Quarrel with the Papacy.
It is probable that this pacification was the result of a new quarrel which John had just taken up with a new enemy--the Papacy. The dispute on the question of free election, which was to range over all the central years of his reign, had just begun. In the end of 1205 Hubert Walter, archbishop of Canterbury, had died. The king announced his intention of procuring the election of John de Gray, bishop of Norwich, as his successor; but, though his purpose was well known, the chapter (i.e. the monks of Christ Church, Canterbury) met secretly and elected their sub-prior Reginald as archbishop. They sent him to Rome at once, to receive confirmation from Pope Innocent III., whom they knew to be a zealous champion of the rights of the Church. But John descended upon them in great wrath, and by threats compelled them to hold a second meeting, and to elect his nominee Gray, in whose name application for confirmation was also made to the pope. Innocent, however, seeing a splendid chance of asserting his authority, declared both the elections that had taken place invalid, the first because it had been clandestine, the second because it had been held under _force majeure_, and proceeded to nominate a friend of his own--Cardinal Stephen Langton, an Englishman of proved capacity and blameless life, then resident in Rome. He was far the worthiest of the three candidates, but it was an intolerable invasion of the rights of the English crown and the English Church that an archbishop should be foisted on them in this fashion. The representatives of the chapter who had been sent to Rome were persuaded or compelled to elect him in the pope's presence (Dec. 1206).
King John was furious, and not without good reason; he refused to accept Langton, whom he declared (quite unjustly) to be a secret friend of Philip of France, and sequestrated the lands of the monks of Canterbury.
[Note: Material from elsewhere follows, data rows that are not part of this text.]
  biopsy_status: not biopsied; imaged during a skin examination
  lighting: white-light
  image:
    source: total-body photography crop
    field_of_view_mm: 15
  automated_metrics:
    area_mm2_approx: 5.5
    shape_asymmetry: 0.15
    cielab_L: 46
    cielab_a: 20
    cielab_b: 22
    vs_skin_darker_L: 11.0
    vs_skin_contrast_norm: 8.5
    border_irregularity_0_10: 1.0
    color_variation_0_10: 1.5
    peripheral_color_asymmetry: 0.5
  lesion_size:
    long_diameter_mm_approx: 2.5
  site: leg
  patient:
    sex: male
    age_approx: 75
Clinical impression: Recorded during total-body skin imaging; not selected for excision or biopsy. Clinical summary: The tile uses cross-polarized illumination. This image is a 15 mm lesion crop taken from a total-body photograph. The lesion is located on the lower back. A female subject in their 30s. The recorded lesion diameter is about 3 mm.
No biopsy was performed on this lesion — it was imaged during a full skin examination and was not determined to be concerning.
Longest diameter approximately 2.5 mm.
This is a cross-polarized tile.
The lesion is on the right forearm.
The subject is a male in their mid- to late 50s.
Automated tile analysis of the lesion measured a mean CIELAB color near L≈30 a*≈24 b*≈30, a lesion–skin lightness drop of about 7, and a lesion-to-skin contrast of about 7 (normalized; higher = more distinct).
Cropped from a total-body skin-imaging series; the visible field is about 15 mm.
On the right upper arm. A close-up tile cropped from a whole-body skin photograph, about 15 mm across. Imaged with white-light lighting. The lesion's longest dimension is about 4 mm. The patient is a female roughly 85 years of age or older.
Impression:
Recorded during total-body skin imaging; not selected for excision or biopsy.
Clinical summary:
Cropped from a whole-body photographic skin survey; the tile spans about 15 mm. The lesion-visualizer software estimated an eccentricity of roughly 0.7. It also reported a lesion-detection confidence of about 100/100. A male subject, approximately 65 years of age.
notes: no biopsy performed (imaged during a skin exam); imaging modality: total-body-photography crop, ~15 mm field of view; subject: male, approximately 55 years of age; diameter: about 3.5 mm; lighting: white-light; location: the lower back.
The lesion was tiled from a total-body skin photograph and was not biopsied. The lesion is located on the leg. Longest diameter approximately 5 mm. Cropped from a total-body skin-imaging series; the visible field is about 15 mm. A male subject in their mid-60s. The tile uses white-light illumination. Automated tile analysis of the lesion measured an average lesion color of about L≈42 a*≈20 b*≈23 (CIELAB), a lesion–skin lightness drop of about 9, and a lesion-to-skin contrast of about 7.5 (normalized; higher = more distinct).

On this the pope threatened to lay an interdict on himself and his realm. The king replied by issuing a proclamation to the effect that he would outlaw any clerk who should accept the validity of such an interdict and would confiscate his lands. Despising such threats Innocent carried out his threat, and put England under the ban of the Church on the 23rd of March 1208.
In obedience to the pope's orders the large majority of the English clergy closed their churches, and suspended the ordinary course of the services and celebration of the sacraments. Baptism and extreme unction only were continued, lest souls should be lost; and marriages were permitted but not inside the walls of churches. Foreseeing the wrath of the king against all who obeyed the mandate from Rome, the larger number of the bishops and many others of the higher clergy fled overseas to escape the storm. Those who were bold enough to remain behind had much to endure. John, openly rejoicing at the plunder that lay before him, declared the temporalities of all who had accepted the interdict, whether they had exiled themselves or no, to be confiscated. His treasury was soon so well filled that he could dispense with ordinary taxation. He also outlawed the whole body of the clergy, save the timid remnant who promised to disregard the papal commands.
Character of John's rule.
Nothing proves more conclusively the strength of the Angevin monarchy, and the decreasing power of feudalism, than that an unpopular king like John could maintain his strife with the pope, and suppress the discontents of his subjects, for nearly five years before the inevitable explosion came. Probably his long immunity was due in the main to the capacity of his strong-handed justiciar Geoffrey Fitz-Peter; the king hated him bitterly, but generally took his advice. The crash only came when Geoffrey died in 1213; his ungrateful master only expressed joy. "Now by God's feet am I for the first time king of England," he exclaimed, when the news reached him. He proceeded to fill the vacancy with a mere Poitevin adventurer, Peter des Roches, whom he had made bishop of Winchester some time before. Indeed John's few trusted confidants were nearly all foreigners, such men as the mercenary captains Gerard of Athies and Engelhart of Cigogne, whom he made sheriffs and castellans to the discontent of all Englishmen. He spent all his money in maintaining bands of hired _Brabancons_ and _routiers_, by whose aid he for some time succeeded in terrorizing the countryside. There were a few preliminary outbreaks of rebellion, which were suppressed with vigour and punished with horrible cruelty. John starved to death the wife and son of William de Braose, the first baron who took arms against him, and hanged in a row twenty-eight young boys, hostages for the fidelity of their fathers, Welsh princes who had dabbled in treason. Such acts provoked rage as well as fear, yet the measure of John's iniquities was not full till 1212. Indeed for some time his persistent prosperity provoked the indignant surprise of those who believed him to be under a curse. If his renewed war with Philip of France was generally unsuccessful, yet at home he held his own. The most astounding instance of his success is that in 1210 he found leisure for a hasty expedition to Ireland, where he compelled rebellious barons to do homage, and received the submission of more than twenty of the local kinglets. It is strange that he came back to find England undisturbed behind him.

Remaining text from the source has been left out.